7 modules that can improve your Drupal's security
Need to make money from home
Want to earn money
болит косточка на ступне
растет шишка на большом пальце ноги
острый геморрой симптомы
Ten ways to make money
איביי בישראל
דיל אקספרס ישראל
קניית בגדים באינטרנט מסין
אייבי קניות
קניית ויאגרה
קמגרה מחיר

Everything about Web and Network Monitoring

7 modules that can improve your Drupal’s security

Top ways to make money online
Fast online money
Money doing surveys
How to make easy money fast
Need money quick
простатит геморрой
лучший антибиотик при простатите
Free surveys online for money
How we earn money online
Earn money for college
Ausbildung viel geld verdienen
Wie verdiene ich schnell geld mit 14
Geld mit eigener website verdienen
Marktforschung geld verdienen erfahrung
Schnell und leicht geld verdienen
In our previous article, 13 Handpicked WordPress Plugins for Security, we focused on the ways you can make your WordPress platform more secure. In this article we will concentrate our attention on one of the other popular blogging platforms – Drupal. We will make sure that all the important steps for securing it and its most valuable additional modules are brought to your attention.
As Drupal usually comes with the entire LAMP (Linux, Apache, MySQL, and PHP/Perl/Python) set of modules, your first step in securing your server should be to make sure that you’re using the most up-to-date and secure versions of all these solutions. The probability of a successful hacking attempt against your site drops by something like 30% just by making sure that everything that can be updated is actually up to date.
The second thing you can do is to rely only on secure communication like SSH, sFTP, FTPS, and HTTPS. You better forget about the sniffing-friendly FTP, Telnet, HTTP, and Total Commander. You should also use strong passwords and back up your content regularly.
Something else worth mentioning is that most people think that open source programs are easier to hack. Well, experience shows that’s not really true. As the source code is open for anyone to review, there are many people who report problems and suggest improvements. All bugs are privately sent to the Drupal Security Team, which investigate them and propose solutions, usually by the means of Security Advisories (SAs). You can subscribe to such SAs so you can easily install them when they become available.
After the initial hardening procedures, you can always help yourself by using some of the security modules on the drupal.org site. They are all tested by the Drupal Security Team upon uploading and they are periodically reviewed upon indications of problems. Some of the modules worth mentioning are:

• Security review – gives you a summary of results against easily made mistakes when using Drupal. It checks for database errors, failed logins, usernames used as passwords, etc.
• Login security – allows you to limit the number of unsuccessful login attempts and set a policy when the limit is reached, i.e. blocking the user’s IP permanently or temporarily. It can be set to notify the administrator when a brute forcing attack is occurring.
• Update manager (or Update Status in Drupal 6) – automatically monitors for new versions of the Drupal software and the contributed modules and themes. You can monitor the log to see what updates are available or to set notifications.
• CAPTCHA – a very popular module that can be used to make users prove they’re human before allowing them to submit a comment or anything else. Using this module, you can eliminate the risks of spam bots filling up your site with unwanted content. The module asks you to enter a pattern of masked symbols to prove you understand them.
• Content Access – allows you to set a specific view for an author or a role. It can also be used for editing/deleting permissions for each content type. It uses the ACL module for operation.
• ACL – can’t be used by itself, as it has no user interface, but it provides an API (application programming interface) for other modules to create lists of users and to allow them access to nodes.
• SpamSpan filter – its main purpose is to hide email addresses from bots that try to extract them from your website. It either uses Javascript (if enabled) or it masks the address as “something [at] something [dot] com”.

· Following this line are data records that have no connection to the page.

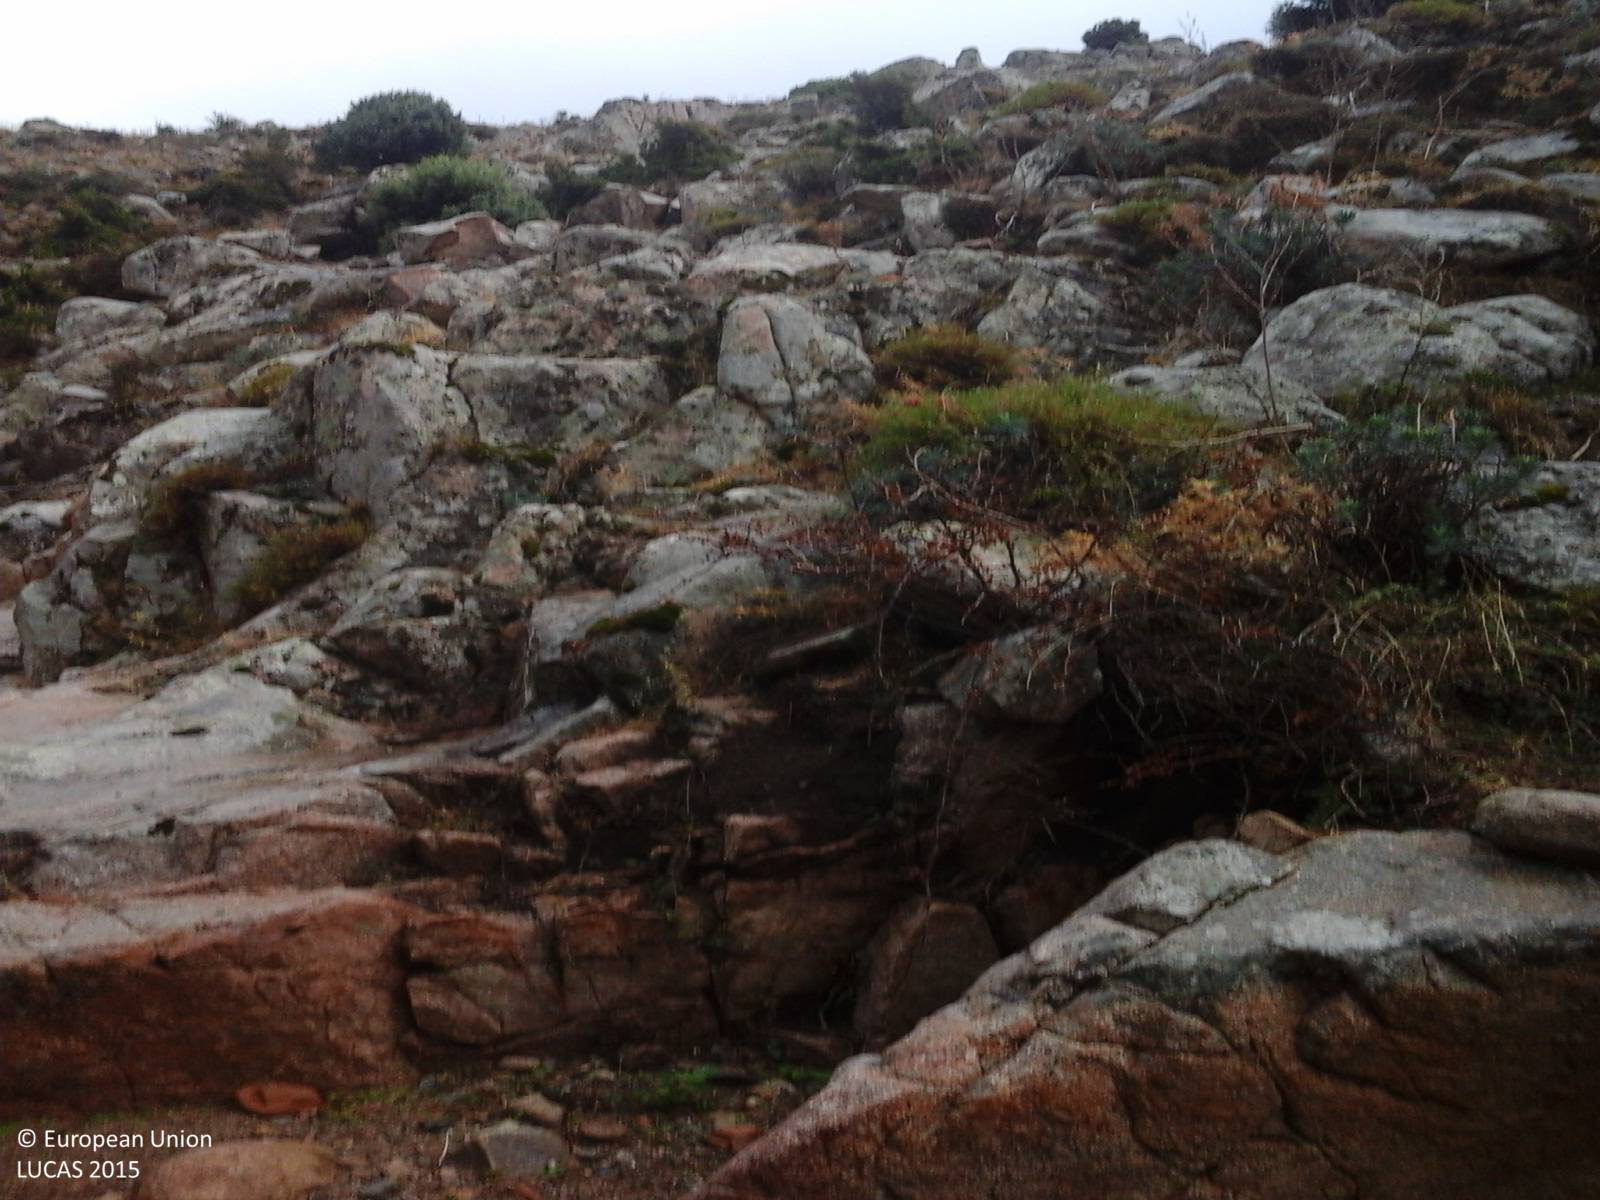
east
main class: Shrubland
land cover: Shrubland without tree cover
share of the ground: > 75 %
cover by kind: consolidated bare surface 40 %, shrubs 25 %, unconsolidated bare surface 20 %, herbaceous plants 15 %
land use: Semi-natural and natural areas not in use
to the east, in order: Shrubland without tree cover; Rocks and stones; Shrubland without tree cover; Rocks and stones
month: September
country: IT
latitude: 39.9392
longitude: 9.3366
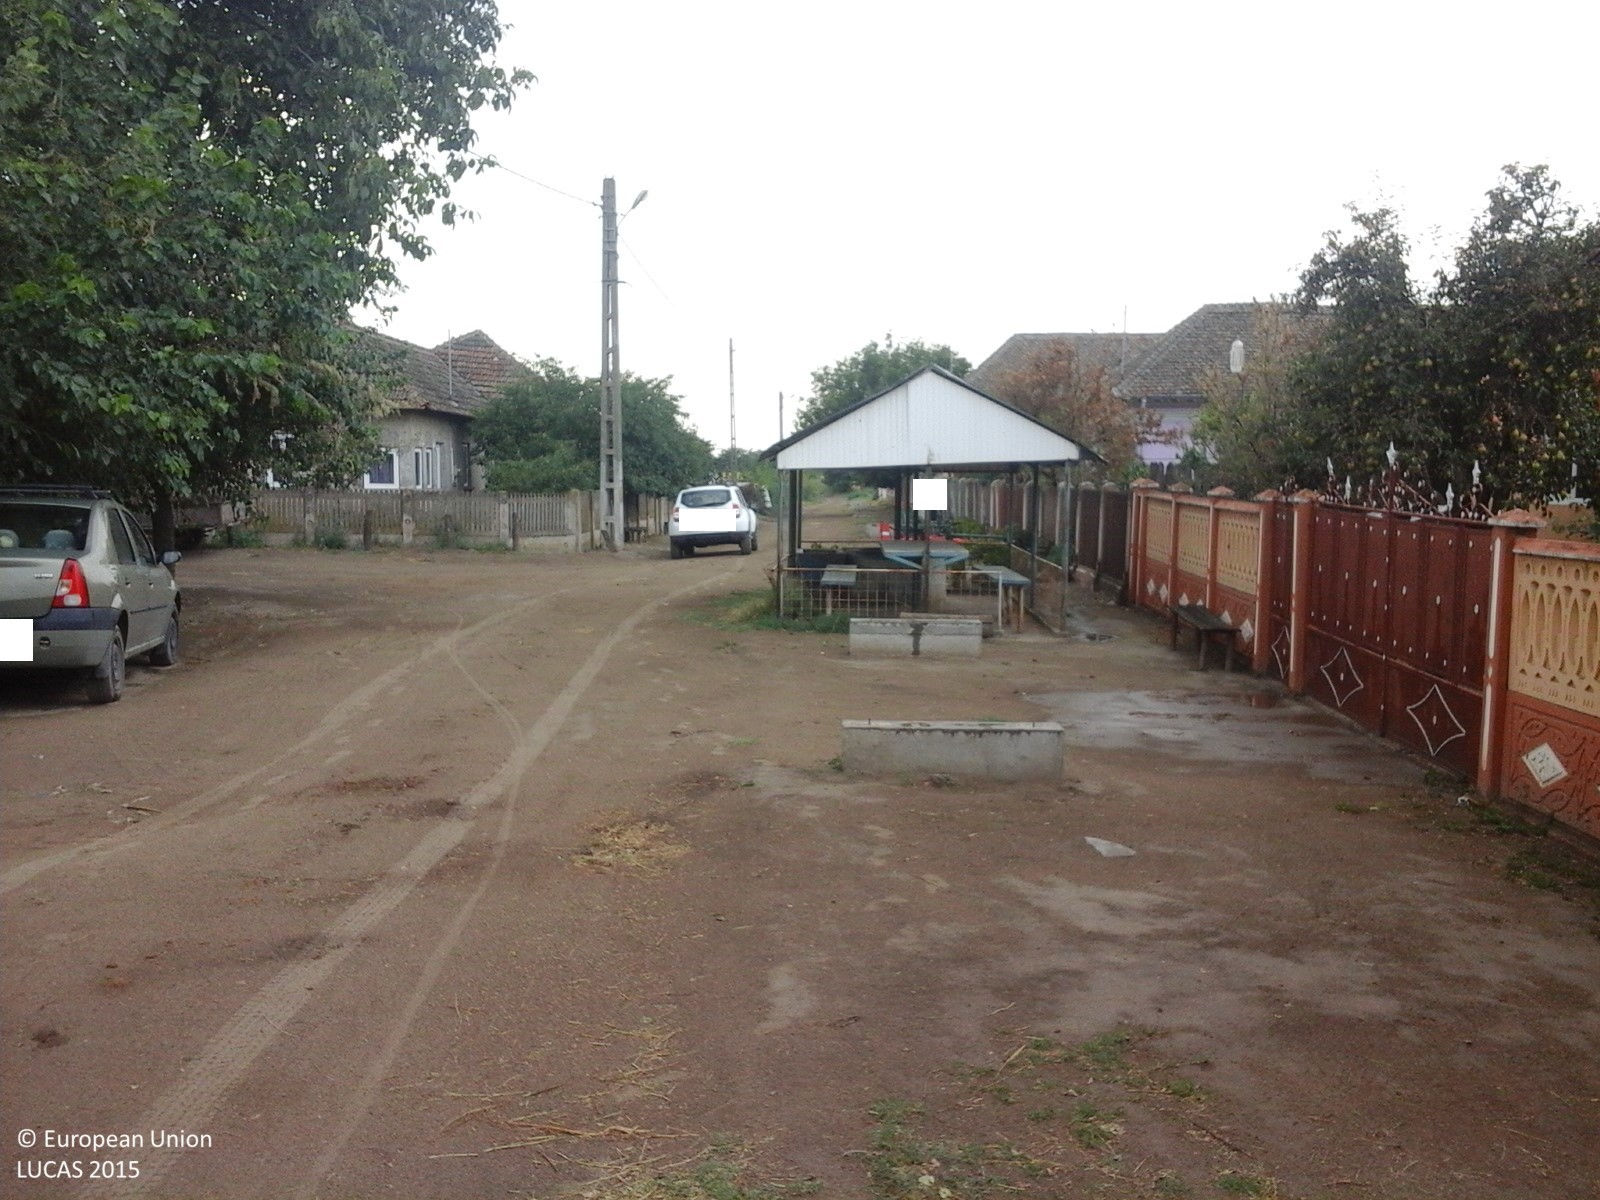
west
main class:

Finally, don’t forget to monitor your website’s availability. You can do that easily with Monitor.us and Monitis.

Post Tagged with , , ,

About Irina Tihova

I'm a Microsoft and CompTIA certified Security specialist with experience in networking and systems administration. I've been working for New Horizons Computer Learning Centers for quite a while as a Systems Administrator and as a Technical Trainer. I've led courses on Microsoft Windows Server systems and Microsoft Exchange Server. Currently I'm still practicing on Microsoft technologies as a consultant and I'm guest blog posting for Monitis. 
  • http://www.cygnet-infotech.com/ Hemang Rindani

    A standard developer dashboard and ability to manage multiple user roles through a secured connection makes Drupal a great CMS. Readily available security plugins in Drupal allow to create a secured connection between website and database. Provide limited user access rights to manage the content over a webpage. Use authentication tools like login Id, password, captcha etc. that decreases the threat posed by hackers. Keep the plugins and content updated.

    Thanks for the sharing the information.

  • lilit.petrosyan

    Hi Hemang,

    Thanks for a very valuable insight!